At least that’s what I want to say, scream really, but I never would. That’s for overemotional drama queens or people with real problems. I’d have to say I’m the earlier of the two, just not willing to say it out loud. I couldn’t, I mean, what would the neighbors think?

“Yeah, sure, I’m fine.” That’s what I really end up saying, and then I force a smile, I change the subject. I’ll talk about the weather, force a joke, go to the bathroom, anything to take the pressure off of me.

That’s another thing about being “not okay”, you don’t want anyone to know. It’s not so much that I think my friends are going to start rumors and abandon me or anything like that; I’m just ashamed of it, truly and deeply ashamed of it. It’s like there’s some remote part of me that still clings to the hope that I’m normal, that everyone acts like this as soon as they’re alone.

I guess that telling somebody else means being willing to admit it; asking for helps means being ready to accept it. I’m not sure, but this just might be a good definition to give an addict for denial.
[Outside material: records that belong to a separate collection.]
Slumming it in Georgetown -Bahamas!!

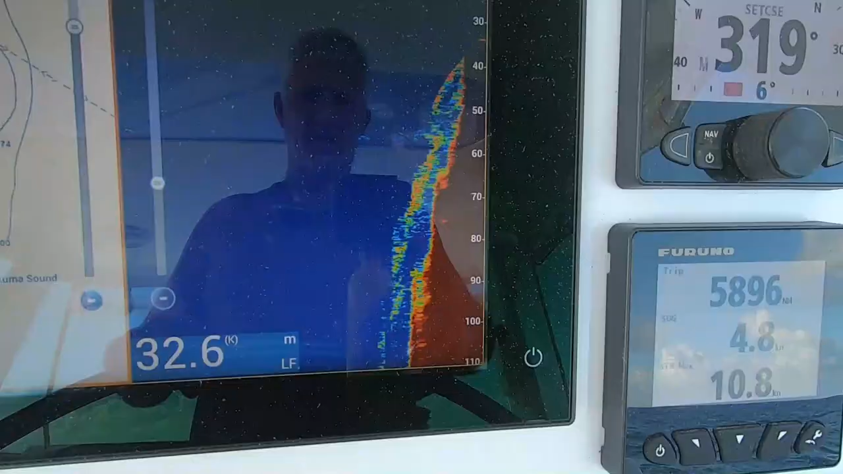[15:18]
On screen: depth 32.6 m
Yeah, that's the drop-off coming up. You can see us hitting the drop-off there.
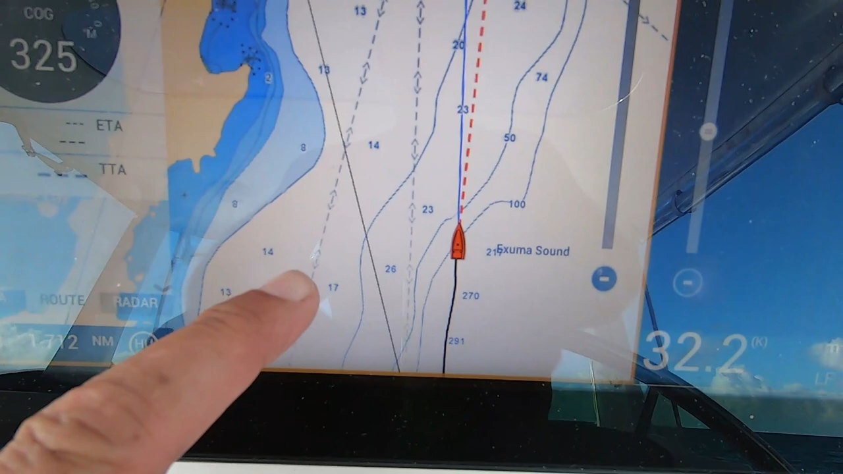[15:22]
That's Farmer's there.
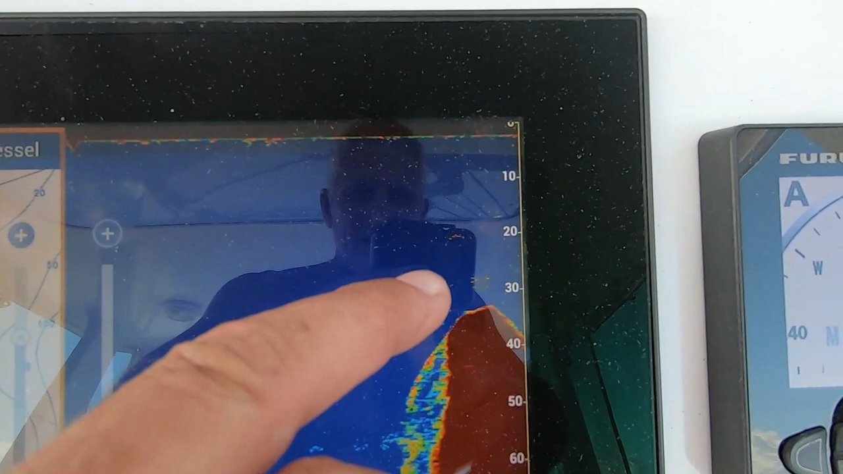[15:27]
Nice big fish hanging at 20 meters there. Sure.
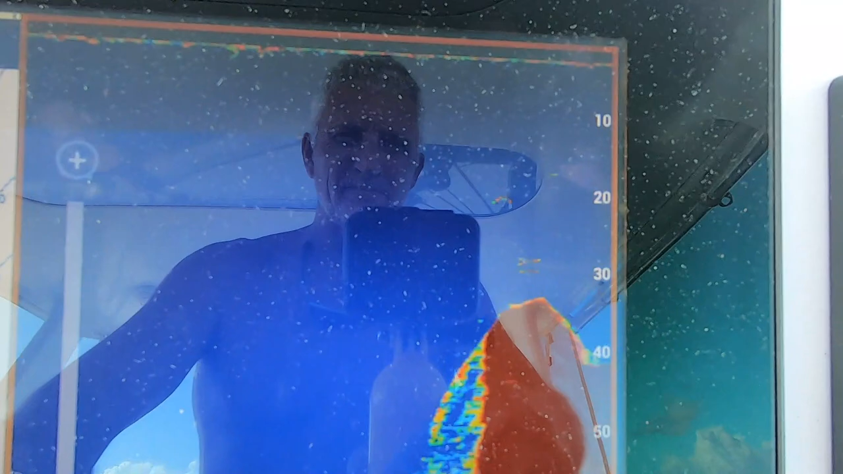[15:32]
Couple of nice fish there.
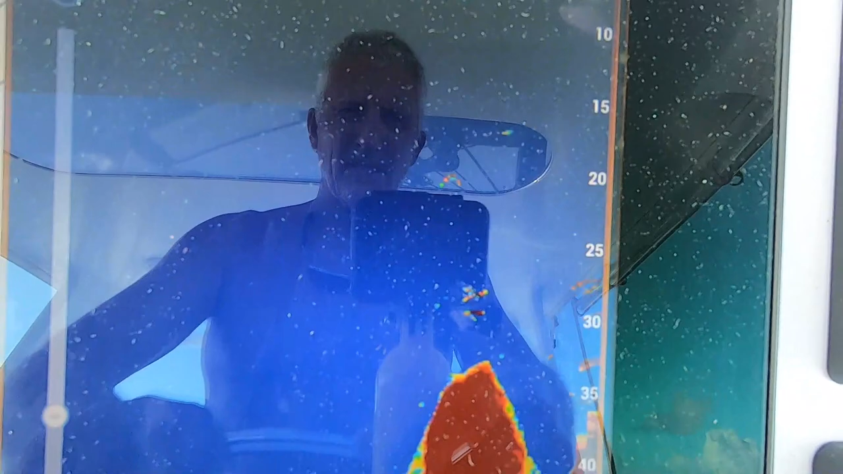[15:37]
They're not biting anything because we've got lines out. Whoa, couple of nice fish there.

When somebody asks if you’re okay, they’re expecting you to say yes. It’s common courtesy to say yes. When somebody wants to know how you’re doing, they expect that you’re fine. Nobody wants to hear how hard it’s been lately, or that you’re afraid you’ll do something stupid, by asking they’re just showing the common courtesy to pretend that they do.

“Are you okay?”

“No. I’m thinking about killing myself.”

“Oh, that’s cool. Did you write down the English homework?”

“Did you hear me!? I want to kill myself!”

“Yea, and my mom will kill me if I don’t turn in the English homework. My grade is riding on this, don’t be an asshole.”

Seriously, just stop asking me if I’m okay. Assume I’m not and get the homework from someone who actually does it in a timely manner.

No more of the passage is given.